• **Problem to work on**
Pictures in the listing below are skipped, while the lines from the "Active color: w" line through the "Fluid column height: 126.5 cm" line are returned word for word.

• **Given entries**
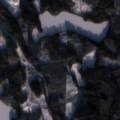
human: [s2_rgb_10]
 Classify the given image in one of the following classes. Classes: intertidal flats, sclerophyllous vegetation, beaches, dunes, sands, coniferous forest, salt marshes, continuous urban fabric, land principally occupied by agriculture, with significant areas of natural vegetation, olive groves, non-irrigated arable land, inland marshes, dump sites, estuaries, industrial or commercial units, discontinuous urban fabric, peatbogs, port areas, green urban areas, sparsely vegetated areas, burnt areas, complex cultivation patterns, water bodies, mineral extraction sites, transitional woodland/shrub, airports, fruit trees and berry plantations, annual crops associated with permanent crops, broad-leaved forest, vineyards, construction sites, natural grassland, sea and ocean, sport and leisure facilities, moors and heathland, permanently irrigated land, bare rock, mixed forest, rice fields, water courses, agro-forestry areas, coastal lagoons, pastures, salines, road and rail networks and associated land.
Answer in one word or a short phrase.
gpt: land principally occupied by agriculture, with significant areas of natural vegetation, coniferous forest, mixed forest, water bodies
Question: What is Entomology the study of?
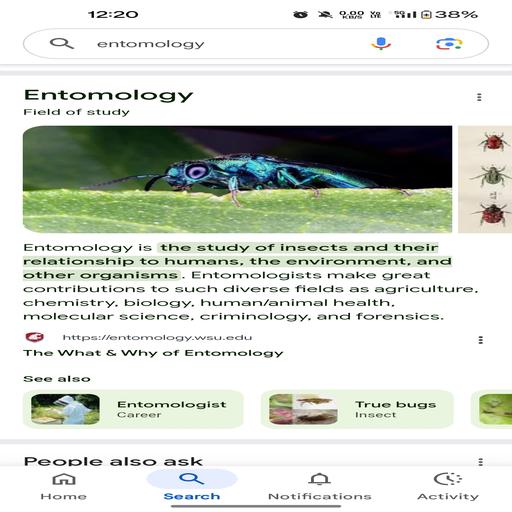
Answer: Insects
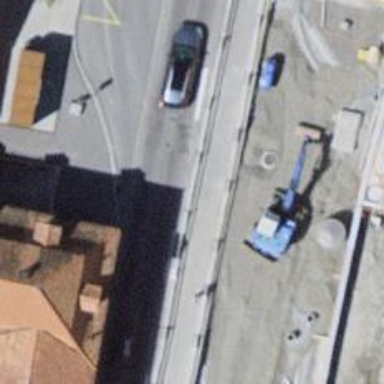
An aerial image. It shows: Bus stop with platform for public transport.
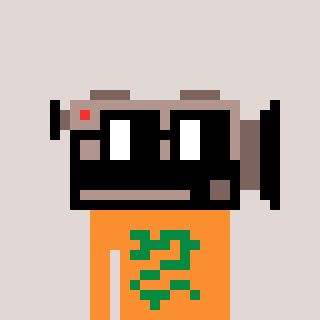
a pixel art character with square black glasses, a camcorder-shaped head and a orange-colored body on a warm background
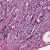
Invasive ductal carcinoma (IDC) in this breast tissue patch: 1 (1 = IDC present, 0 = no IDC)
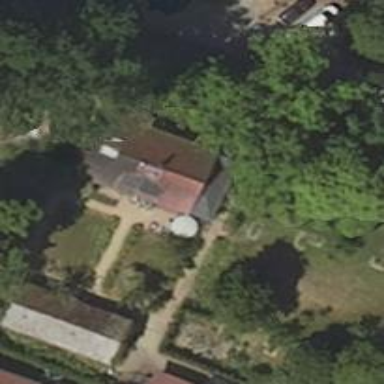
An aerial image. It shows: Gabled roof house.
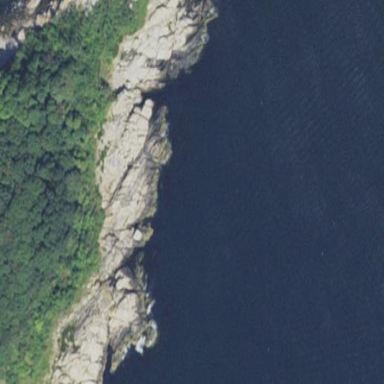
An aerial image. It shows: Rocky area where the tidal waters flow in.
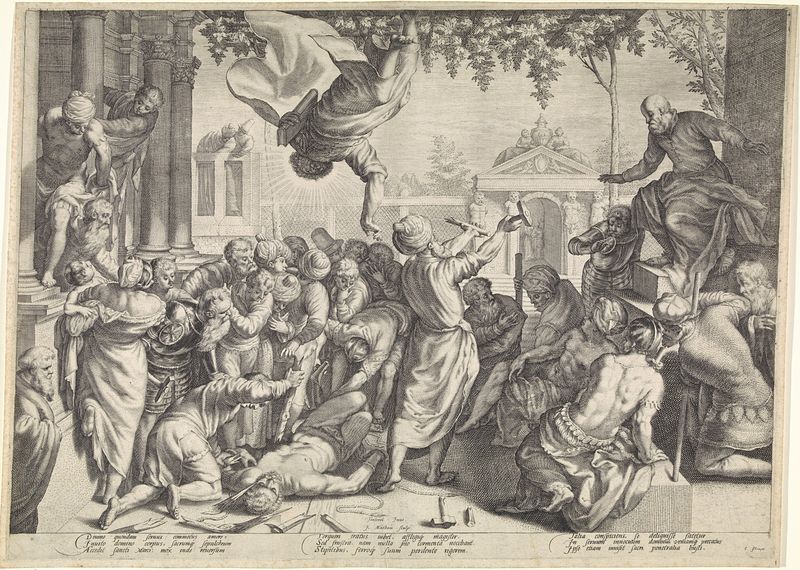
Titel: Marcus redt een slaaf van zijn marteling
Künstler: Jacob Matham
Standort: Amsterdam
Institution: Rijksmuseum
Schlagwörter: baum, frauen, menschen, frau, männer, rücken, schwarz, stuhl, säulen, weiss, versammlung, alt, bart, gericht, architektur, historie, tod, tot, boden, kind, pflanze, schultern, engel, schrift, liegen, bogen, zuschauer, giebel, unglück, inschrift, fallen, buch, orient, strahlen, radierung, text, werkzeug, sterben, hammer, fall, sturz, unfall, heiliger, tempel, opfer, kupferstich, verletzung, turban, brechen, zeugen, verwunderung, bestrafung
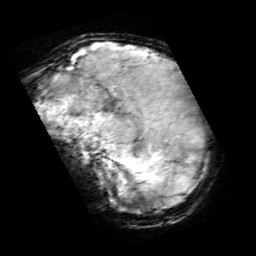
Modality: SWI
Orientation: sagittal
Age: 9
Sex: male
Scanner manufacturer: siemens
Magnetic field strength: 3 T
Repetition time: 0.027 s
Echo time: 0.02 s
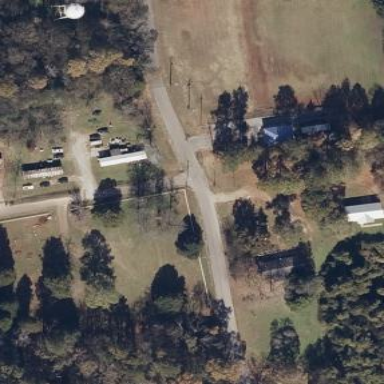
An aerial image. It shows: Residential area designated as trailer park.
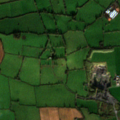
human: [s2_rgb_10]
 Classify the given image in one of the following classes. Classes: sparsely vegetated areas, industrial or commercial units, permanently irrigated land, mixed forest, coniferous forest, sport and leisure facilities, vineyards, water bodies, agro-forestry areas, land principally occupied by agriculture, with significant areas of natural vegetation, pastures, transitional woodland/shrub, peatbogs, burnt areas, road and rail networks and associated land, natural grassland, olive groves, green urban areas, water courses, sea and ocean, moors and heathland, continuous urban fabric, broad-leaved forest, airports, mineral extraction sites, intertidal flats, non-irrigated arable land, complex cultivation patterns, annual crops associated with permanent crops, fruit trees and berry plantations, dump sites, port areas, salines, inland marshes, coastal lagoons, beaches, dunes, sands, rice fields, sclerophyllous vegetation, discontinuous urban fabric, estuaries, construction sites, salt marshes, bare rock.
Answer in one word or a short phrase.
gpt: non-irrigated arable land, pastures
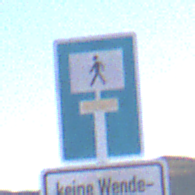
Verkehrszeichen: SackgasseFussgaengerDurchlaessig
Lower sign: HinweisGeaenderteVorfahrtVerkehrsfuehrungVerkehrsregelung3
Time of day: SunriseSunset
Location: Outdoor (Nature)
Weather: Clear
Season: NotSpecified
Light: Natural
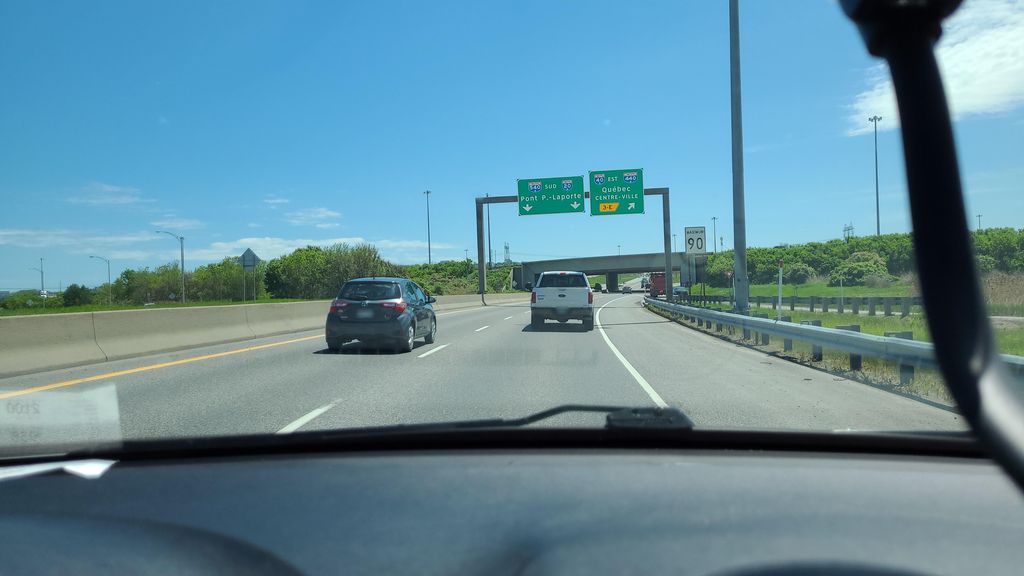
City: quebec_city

* * *

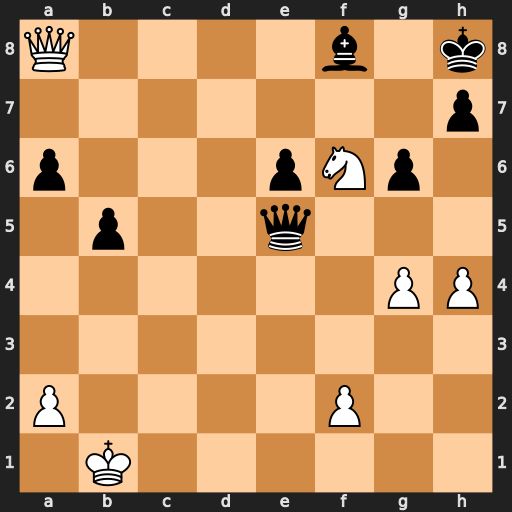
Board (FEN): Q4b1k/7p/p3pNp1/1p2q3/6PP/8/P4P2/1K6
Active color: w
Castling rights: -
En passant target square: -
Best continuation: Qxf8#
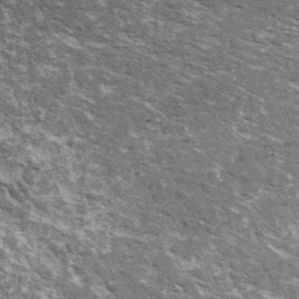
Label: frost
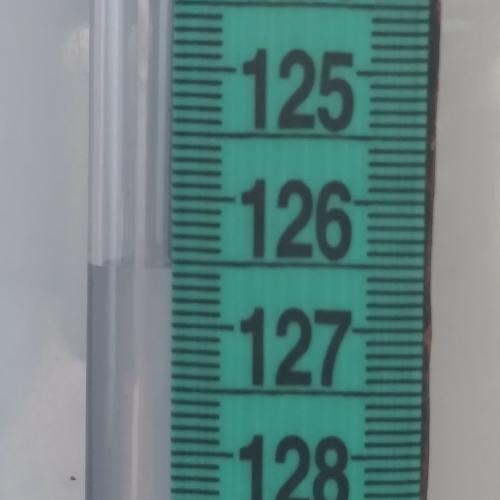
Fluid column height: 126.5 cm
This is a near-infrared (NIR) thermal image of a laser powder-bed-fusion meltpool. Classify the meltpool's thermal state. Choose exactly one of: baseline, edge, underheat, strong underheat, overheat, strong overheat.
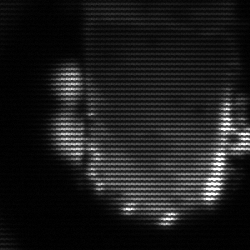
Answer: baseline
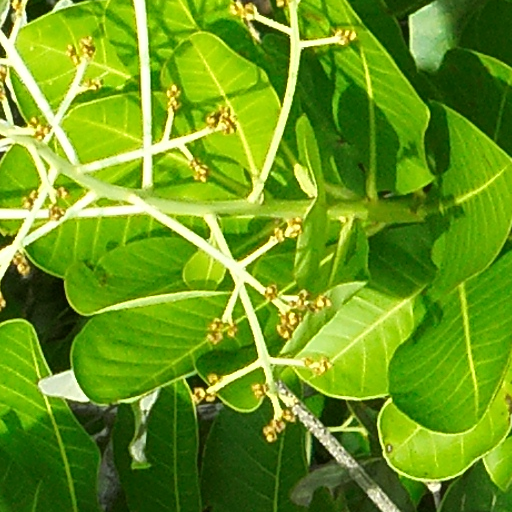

• **Solved problem**
Active color: w
Castling rights: -
En passant target square: -
Best continuation: Qxf8#
Label: frost
Fluid column height: 126.5 cm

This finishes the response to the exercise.